105 thoughts on “Awareness VS. Understanding

    1. Hi! As of this very minute, only US and Canada can get the boxes. I’ll keep you posted when that expands. Hopefully you live in Canada?? 🙂 Hugs and love xox

  1. Caralyn, I love how you think and the balanced manner in which you articulate your perspective. I am blessed by your blog and light up when I get post notifications 😁. Oh, and I pray all goes well with your commercial (I know it will). Carry on, Souljah. 😘

    1. thank you friend. Gosh, that makes me smile. Thanks! I hope so! It’s supposed to rain and its an outdoor shoot! yikes! hugs to you xox

    1. thank you friend. captain the ship – haha you’re funny. i’d be honored simply to be one of the “mates” in charge of changing the chamber pots lol Hugs and love xox

    1. thank you Gorman. I definitely think so! thank you for being willing to join in the convo! Hugs and love xox

  2. Definitely this whole thing w weight watchers is cause for concern, glad you’re opening up the dialogue on this matter! Best of luck on your commercial❤️

  3. Is there ever any good news in the news nowadays? The Oxfam thing, the weight watchers thing and a world without Billy Graham. Anyway, my friend wrote a song about her battles mirror mirror by Rosey Cale (shameless plug 😜) you should check it out and yes do a YouTube video, I very much miss your videos ❤️

    1. Hey Benny, I know it really has been a rough February. Oh wow I will definitely check our her videos. Hugs and love xox.
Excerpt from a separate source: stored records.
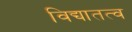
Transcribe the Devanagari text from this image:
विद्यातत्व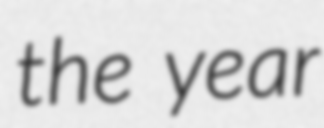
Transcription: the year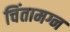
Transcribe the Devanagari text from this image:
चिंतामग्न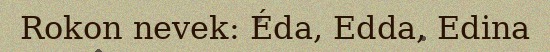
Rokon nevek: Éda, Edda, Edina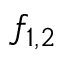
f _ { 1 , 2 }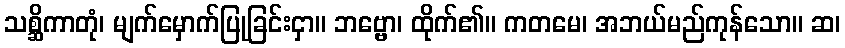
သစ္ဆိကာတုံ၊ မျက်မှောက်ပြုခြင်းငှာ။ ဘဗ္ဗော၊ ထိုက်၏။ ကတမေ၊ အဘယ်မည်ကုန်သော။ ဆ၊

      1. Yes, I work with Oxfam on a twice weekly basis and please please do she is amazing both voice wise and human wise 😍 and I have done a blog post about her so you’ll have to look out for that 😍❤️

  4. Oh Miss Caralyn your words speak life. And are precisely why I have a distaste for the programs wherein the focus is the physical form rather than the health of the person. In focusing solely on our measurements we lose sight of, and fail to integrate our whole person. We are the sum of our parts, not our physical body only.
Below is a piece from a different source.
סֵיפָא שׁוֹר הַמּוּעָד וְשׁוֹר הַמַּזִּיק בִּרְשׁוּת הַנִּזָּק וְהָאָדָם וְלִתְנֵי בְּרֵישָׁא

    There is awareness/tolerance, “yes I know people suffer from ED” to understanding/compassion “my friend has an ED, let me learn what I can so I can be there for her, raise the bottom, and listen in her need.” Let me also be kind enough in my thoughts that “offering a cheeseburger” is not the right course of action. Ahh yes, there we are. Understanding.
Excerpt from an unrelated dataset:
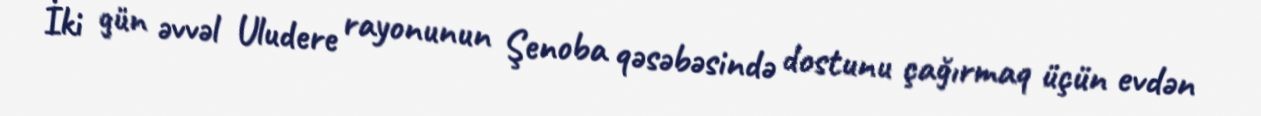
İki gün əvvəl Uludere rayonunun Şenoba qəsəbəsində dostunu çağırmaq üçün evdən

    You are a gift Miss Caralyn.

    1. Thank you so much Teri, what a kind thing to say. That’s so true – we are so much more than a number or a dress size. Thanks for being such an awesome friend and person! You have a beautiful heart. Hugs and love xox

  5. Weight Watchers is a business, so I don’t think they would be offering teens free memberships unless they expect to get something out of it in the end.

  6. I will private message you as what I would like to comment and ask is not for everyone to see. Great post and I hope to hear from you soon about what you think.

    1. Meh, changed my mind. My questions are: At what point does obsessive turn into a eating disorder? Are eating disorders genetic or learned? Do you have to binge or purge to haven eating disorder? Thank you!

      1. Thank you for your questions. I will definitely answer these on Monday! Hugs and love xox

  7. 20% of children with obesity?! That is indeed bad, but…you’re right, giving them diet obsessions about, pushing, won’t work well probably. Friendly and creative approach, with active life motivations (in an understanding group) would be surely better. Move, move and move while they discover places, make new friendships, develop talents along the way.

    1. Thanks Robert. Yeah I was shocked by the statistic too! Absolutely – and having fun along the way too! Hugs and love xox

  8. Caralyn,

    You are brave to open yourself up to all of these questions, but I think it is a wise move! People do not realize that eating disorders are mental illnesses that are overcome by treating the cause AND the symptoms.

    – Kat

  9. Is there any national weight loss brand that would fall under usable? Especially, one that’s at least trying to promote better eating for kids? Not better starving, eating.

    My ex girlfriend was on weight watchers and it can be, interesting.

    I can have only three of these things but as much as I want of this stuff. It does change the narcissistic relationship we all have with food. As long as you have money, you can eat whatever you want and don’t worry your waist will catch up. The WW program helped her lose weight and she’s been a healthy weight for almost a decade from being obese in high school and college. The weigh in at meetings, sure. It’s there. It’s not for shaming it’s like group therapy for food. People cry and laugh and laugh-cry. You talk about your hangups with food as a group and find a solution together. So. There’s a healthy relationship with food which leads to a healthy relationship with your body. My grandma used it. My mom used it.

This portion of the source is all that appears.